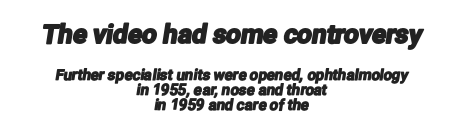
This rendering uses center alignment, leaving both contours irregular but symmetric. The passage shown begins with its larger block and ends with its smaller one. The foot of each line stays bare and open. Cramped leading. These lines keep a tight, regular rhythm from letter to letter.
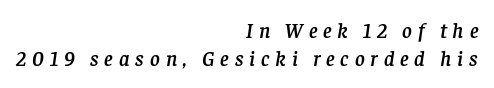
The image shows 21 px text type, italic (leaning right); set right-aligned, normal line spacing (1.34x), unusually wide letter spacing (+0.28 em), not underlined.
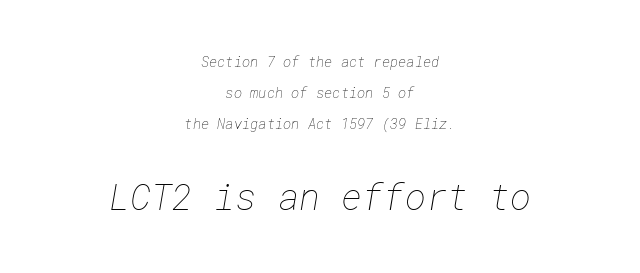
{"bold": "no", "weight": "thin", "width": "normal", "stroke_contrast": "low", "x_height": "medium", "underline": "no", "align": "center", "line_spacing": "loose", "line_spacing_ratio": 2.21, "letter_spacing": "normal", "letter_spacing_em": 0.0, "larger_block": "second", "size_ratio": 2.57, "glyph_px": 36}
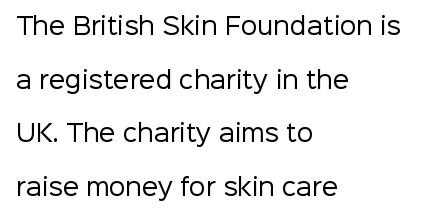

+-------+

### WHAT YOU ARE ASKED TO DO:
The full data, repeated exactly and stripped of its pictures, is the expected answer.

### TASK SOLUTION:
This rendering uses center alignment, leaving both contours irregular but symmetric. The passage shown begins with its larger block and ends with its smaller one. The foot of each line stays bare and open. Cramped leading. These lines keep a tight, regular rhythm from letter to letter.
The image shows 21 px text type, italic (leaning right); set right-aligned, normal line spacing (1.34x), unusually wide letter spacing (+0.28 em), not underlined.
{"bold": "no", "weight": "thin", "width": "normal", "stroke_contrast": "low", "x_height": "medium", "underline": "no", "align": "center", "line_spacing": "loose", "line_spacing_ratio": 2.21, "letter_spacing": "normal", "letter_spacing_em": 0.0, "larger_block": "second", "size_ratio": 2.57, "glyph_px": 36}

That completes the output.